Esta mezcla entre el chambara, el kaiju-eiga y lo maravilloso aporta al nimio argumento de Battle of the Dragons de una desenfadada personalidad que el film enarbola como una bandera, justificando de esta manera su tópica estructura, filtrada por una mirada cómplice con lo fantástico: una vez crecido, Ikazuchi-Maru es entrenado por un anciano pero poderoso mago para que vengue a su fallecido padre y recupere las tierras de su clan. La actitud inocente y alegre del protagonista, incluso cuando se enfrenta con sus enemigos, dota a toda la atmósfera de un toque naïf y camp, haciendo que todos los elementos sobrenaturales o mágicos que aparecen a lo largo del metraje (los movimientos sobrehumanos de los personajes; la nube de energía con la que Ikazuchi-Mari surca los cielos; la aparición de los esprectos del señor del clan diezmado) se integren con naturalidad en este.
Una ligereza también anunciada por el comentado prólogo desde el momento en el que la sangre brilla por su ausencia a pesar de los brutales ataques espada en mano. De esta manera, Battle of the Dragons no busca ni ser intensa ni confeccionar un trepidante relato de venganza, sino levantar un espectáculo sobradamente conocido por todos, haciendo de esa familiaridad su principal virtud, desarrollandolo sin excesivas complicaciones pero con firme confianza en lo narrado. El maniqueismo a la hora de presentar a los dos antagonistas principales (el bueno, ataviado con ropas blancas y de rostro amable, casi bonachón; el malo, siempre de negro y con una cicatriz atravesando su frente) confirma el interés de Battle of the Dragons en dar mascado a sus público una comida que, gracias a sus ingredientes exóticos, tiene un indudable buen sabor.
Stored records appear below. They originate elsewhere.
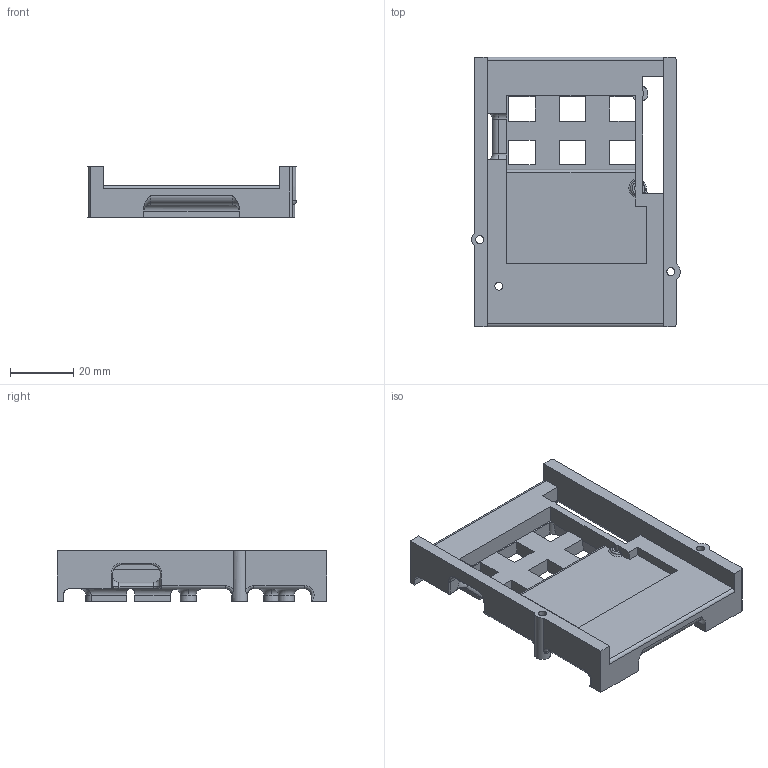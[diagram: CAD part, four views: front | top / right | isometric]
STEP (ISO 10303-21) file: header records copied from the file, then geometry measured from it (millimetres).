
FILE_DESCRIPTION(('HOOPS Exchange Step'),'2;1');
FILE_NAME('export-85C5CCE6-313D-4AD8-9E0F-624F9F1D8E27.stp','2025-11-17T09:35:23+01:00',('Schechner'),('Alibre'),'HOOPS Exchange 2020.0','Alibre','Unknown authorisation');
FILE_SCHEMA( ('AP242_MANAGED_MODEL_BASED_3D_ENGINEERING_MIM_LF {1 0 10303 442 1 1 4 }') );
Length unit declared in the file: centimetre
Products named in the file (1): RPI_480_320_V2
Bounding box: 65.7 x 85 x 16 mm (x, y, z)
Volume: 27714.5 mm3; surface area: 17663.4 mm2
Topology: 1 solids, 1 shells, 190 faces, 542 edges, 349 vertices
Faces by surface type: plane 99, cylinder 60, torus 25, bspline 6
Full cylindrical faces by diameter (mm): 2.5 x5, 5 x4
Entity records: 10377 total; most frequent: CARTESIAN_POINT 5305, ORIENTED_EDGE 1088, DIRECTION 1033, EDGE_CURVE 541, VERTEX_POINT 349, VECTOR 345, LINE 345, AXIS2_PLACEMENT_3D 344

Así, Battle of the Dragons hace de lo convencional su principal virtud y de lo familiar su guiño directo a un espectador cómplice, al igual que la propia película, con la naturaleza fabulesca de los hechos narrados. Escenas como el enfrentamiento del héroe con unas puertas poseídas que le rodean (con la muy sugerente imagen de las puertas levantándose solas del suelo); los amigos de Ikazuchi-Maru presentándose delante de él con sus rostros ocultos por las sombras (demostrando que le están ocultando algo); el mitológico enfrentamiento entre la serpiente-dragón y un gigantesco sapo prehistórico cuyos movimientos destruyen su entorno; o la imagen final con los protagonistas perdiéndose en el soleado horizonte montados en un águila, confirma a Battle of the Dragons como un eficaz y divertido cuento para relatar a los niños a la luz de una vela, así como un residuo de un tipo de cine ya desaparecido cuyo entorno natural está en una destartalada sala de barrio lleno de una chiquillería exultante, un sábado cualquiera por la tarde.